Trifft zum Beispiel Menschen, die keiner Kirche angehören, die alternative Pflicht, ihre Seele durch das sonntägliche Rezitieren eines Schiller-Gedichts zu erheben? Müssen urbane Esoterik-Fans feiertags den Buddha-Nippes im Vorgarten abstauben? Werden sonntags im Fitness-Studio nur Gewichte gehoben oder – im Rechtssinn – auch die Seelen?
Mindestens vier erfundene Feiertage zum Faulenzen
Gewitzte Köpfe schlagen mindestens vier Tage im Jahr vor, die der vorsätzlich zweckfreien Tatenlosigkeit gewidmet werden sollen. So wurde versucht, den 22. März als "Tag des Faulenzens", den 19. Juli als "Weltbummeltag" und den 10. August als "Faulpelztag" zu etablieren.
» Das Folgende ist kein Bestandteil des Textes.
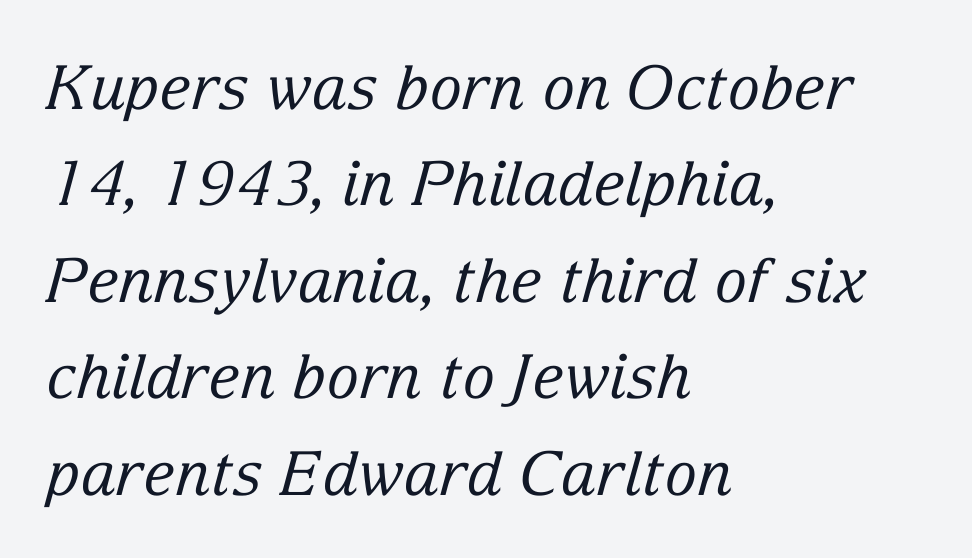
Q: Is the text bold? A: No.
Q: Is the text italic (slanted)? A: Yes, it leans right by about 15 degrees.
Q: Is the typeface a serif or a sans-serif typeface? A: Serif.
Q: Is the text underlined? A: No.
Q: How is the paragraph aligned? A: Left-aligned.
Q: Is the spacing between letters normal or unusually wide? A: Normal.
Q: Is the spacing between lines tight, normal or loose? A: Normal.
Q: Width (condensed, normal, or wide)? A: Normal.
Q: Stroke contrast? A: Low.
Q: x-height? A: Medium.
Q: Monospaced? A: No.
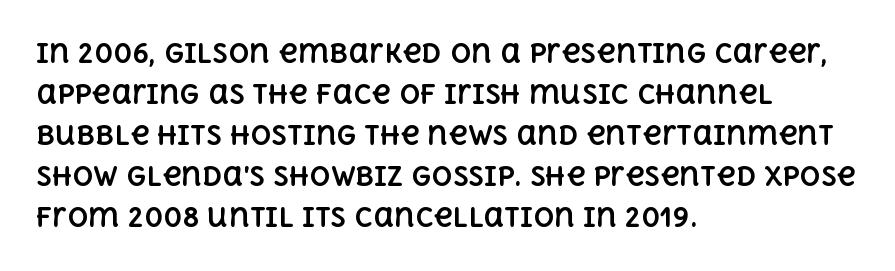
The image shows 26 px bold type, upright; set left-aligned, normal line spacing (1.58x), normal letter spacing, not underlined.
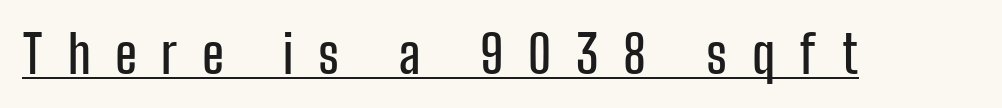
Students, observe the line beneath the letters — that is underlining. Is the letter spacing exaggerated? Yes — the characters are pushed far apart. What kind of face is this? One without serifs — a sans. Notice how the stems are strictly vertical — no italics here.
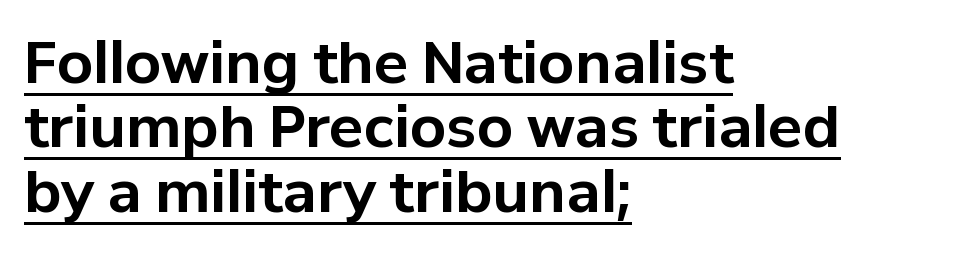
{"serif": "no", "italic": "no", "bold": "yes", "weight": "bold", "width": "normal", "stroke_contrast": "low", "x_height": "medium", "monospaced": "no", "underline": "yes", "align": "left", "line_spacing": "tight", "line_spacing_ratio": 1.13, "letter_spacing": "normal", "letter_spacing_em": 0.0, "glyph_px": 57}
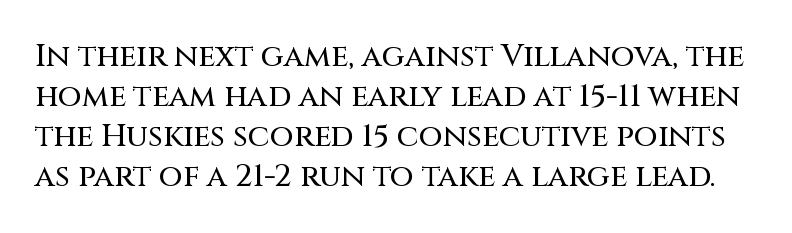
Q: Is the text italic (slanted)? A: No, it is upright.
Q: Is the typeface a serif or a sans-serif typeface? A: Sans-serif.
Q: Is the text underlined? A: No.
Q: Is the spacing between letters normal or unusually wide? A: Normal.
Q: Is the spacing between lines tight, normal or loose? A: Normal.
Q: Width (condensed, normal, or wide)? A: Normal.
Q: Stroke contrast? A: Medium.
Q: x-height? A: Large.
Q: Monospaced? A: No.
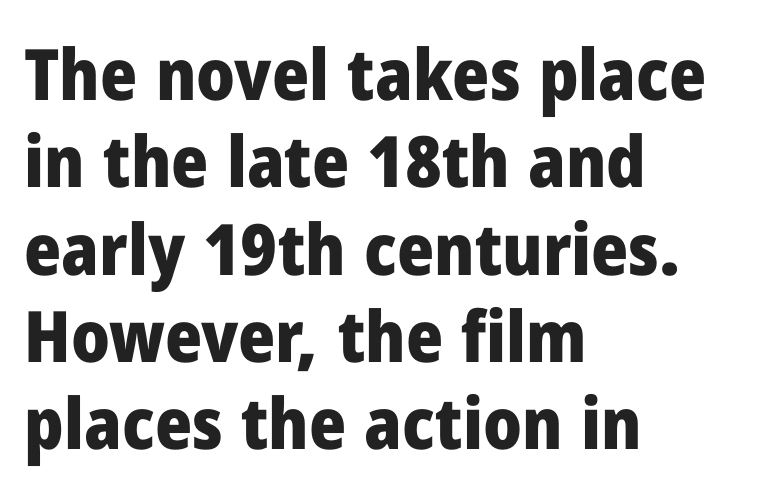
Q: Is the text bold? A: Yes.
Q: Is the text italic (slanted)? A: No, it is upright.
Q: Is the typeface a serif or a sans-serif typeface? A: Sans-serif.
Q: Is the text underlined? A: No.
Q: How is the paragraph aligned? A: Left-aligned.
Q: Is the spacing between letters normal or unusually wide? A: Normal.
Q: Width (condensed, normal, or wide)? A: Normal.
Q: Stroke contrast? A: Low.
Q: x-height? A: Medium.
Q: Monospaced? A: No.
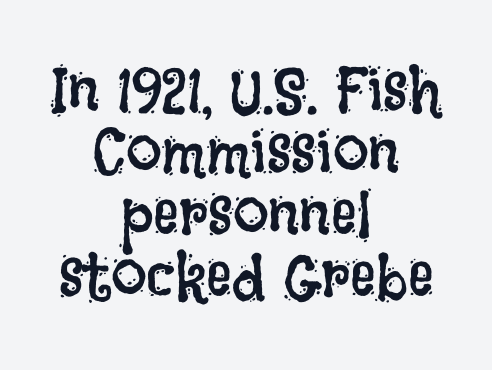
{"italic": "no", "bold": "no", "weight": "regular", "width": "condensed", "stroke_contrast": "low", "x_height": "large", "monospaced": "no", "underline": "no", "align": "center", "line_spacing": "tight", "line_spacing_ratio": 0.97, "letter_spacing": "normal", "letter_spacing_em": 0.0, "glyph_px": 64}
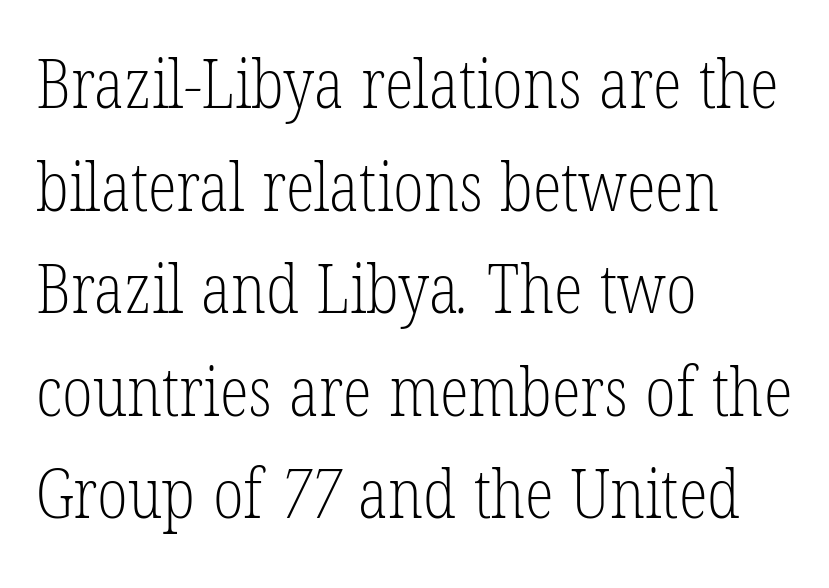
Q: Is the text bold? A: No.
Q: Is the typeface a serif or a sans-serif typeface? A: Serif.
Q: Is the text underlined? A: No.
Q: How is the paragraph aligned? A: Left-aligned.
Q: Is the spacing between letters normal or unusually wide? A: Normal.
Q: Is the spacing between lines tight, normal or loose? A: Normal.
Q: Width (condensed, normal, or wide)? A: Condensed.
Q: Stroke contrast? A: Low.
Q: x-height? A: Medium.
Q: Monospaced? A: No.
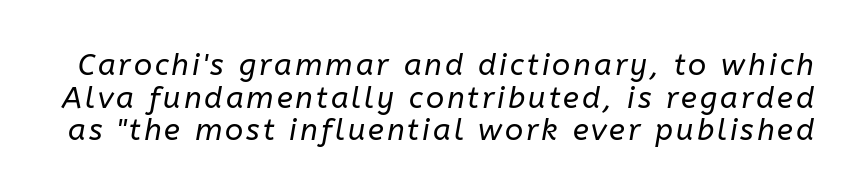
{"italic": "yes", "lean": "right", "slant_degrees": 10, "bold": "no", "weight": "regular", "width": "normal", "stroke_contrast": "low", "x_height": "medium", "monospaced": "no", "underline": "no", "line_spacing": "tight", "line_spacing_ratio": 1.09, "glyph_px": 30}
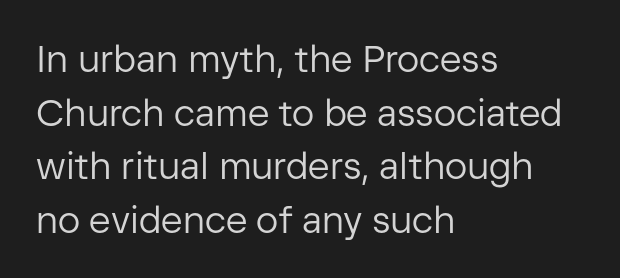
The image shows 37 px regular-weight sans-serif type, upright; set left-aligned, normal line spacing (1.45x), normal letter spacing, not underlined; low stroke contrast and a medium x-height.
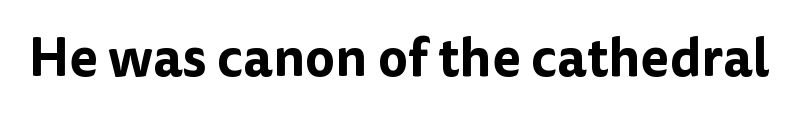
The image shows 53 px sans-serif type, upright; set normal letter spacing, not underlined; low stroke contrast and a medium x-height.
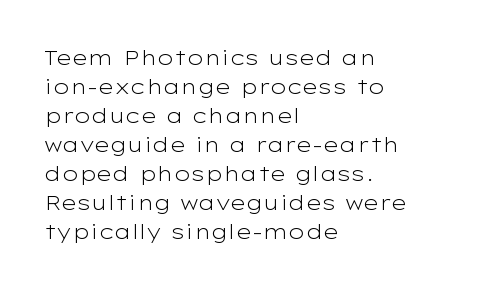
Letters rest on an invisible, unmarked baseline. Heaviness? Minimal to ordinary, like unemphasized prose. The rendering anchors every line to the left-hand side. The line-height multiplier appears to be the usual default.
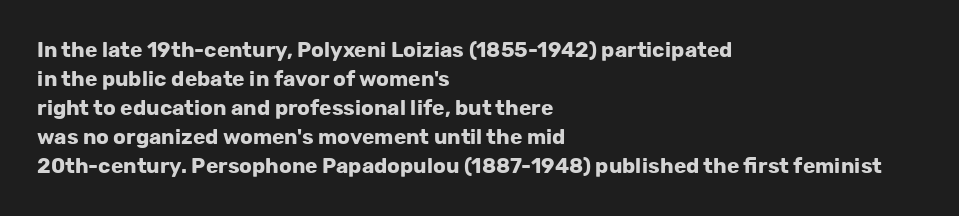
The lines are quadded left. These lines keep a tight, regular rhythm from letter to letter. The gap between lines stays unmarked. It's the straight-up-and-down kind of type. The rendering uses a moderate line-height, typical for paragraphs. Pretty heavy lettering here — definitely bold.
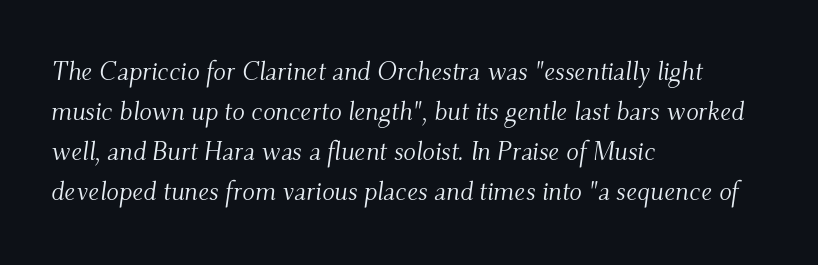
Q: Is the text bold? A: No.
Q: Is the text italic (slanted)? A: Yes, it leans right by about 9 degrees.
Q: Is the text underlined? A: No.
Q: How is the paragraph aligned? A: Left-aligned.
Q: Is the spacing between letters normal or unusually wide? A: Normal.
Q: Is the spacing between lines tight, normal or loose? A: Normal.
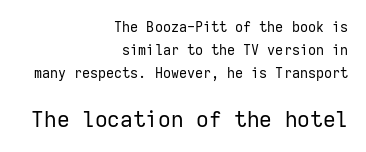
Q: Is the text bold? A: No.
Q: Is the text italic (slanted)? A: No, it is upright.
Q: Is the text underlined? A: No.
Q: How is the paragraph aligned? A: Right-aligned.
Q: Is the spacing between letters normal or unusually wide? A: Normal.
Q: Is the spacing between lines tight, normal or loose? A: Normal.
Q: Which block of text is set in a larger size, the first (top) or the second (bottom)? A: The second (bottom) one.
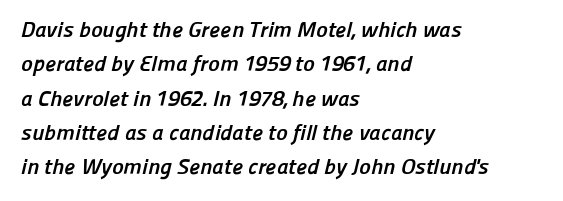
Q: Is the text bold? A: Yes.
Q: Is the text underlined? A: No.
Q: How is the paragraph aligned? A: Left-aligned.
Q: Is the spacing between letters normal or unusually wide? A: Normal.
Q: Is the spacing between lines tight, normal or loose? A: Normal.

Besonders provokativ ist die Idee, den heutigen ersten Sonntag im November zum "Zero Tasking Day" zu erklären. Denn dieser soll stets mit dem Ende der Sommerzeit in den USA zusammenfallen.
Die Sommerzeit jedoch ist ausgerechnet eine Erfindung von Benjamin Franklin (1706–1790). Der Sohn eines Seifensieders und Kerzenmachers hatte sich als Medienunternehmer zum Millionär hochgearbeitet und rechnete bei einem Frankreich-Aufenthalt 1784 den Parisern vor, dass sie abends Kerzen im Wert von 96 Millionen Livres sparen könnten, wenn sie im Sommer früher aufstehen würden.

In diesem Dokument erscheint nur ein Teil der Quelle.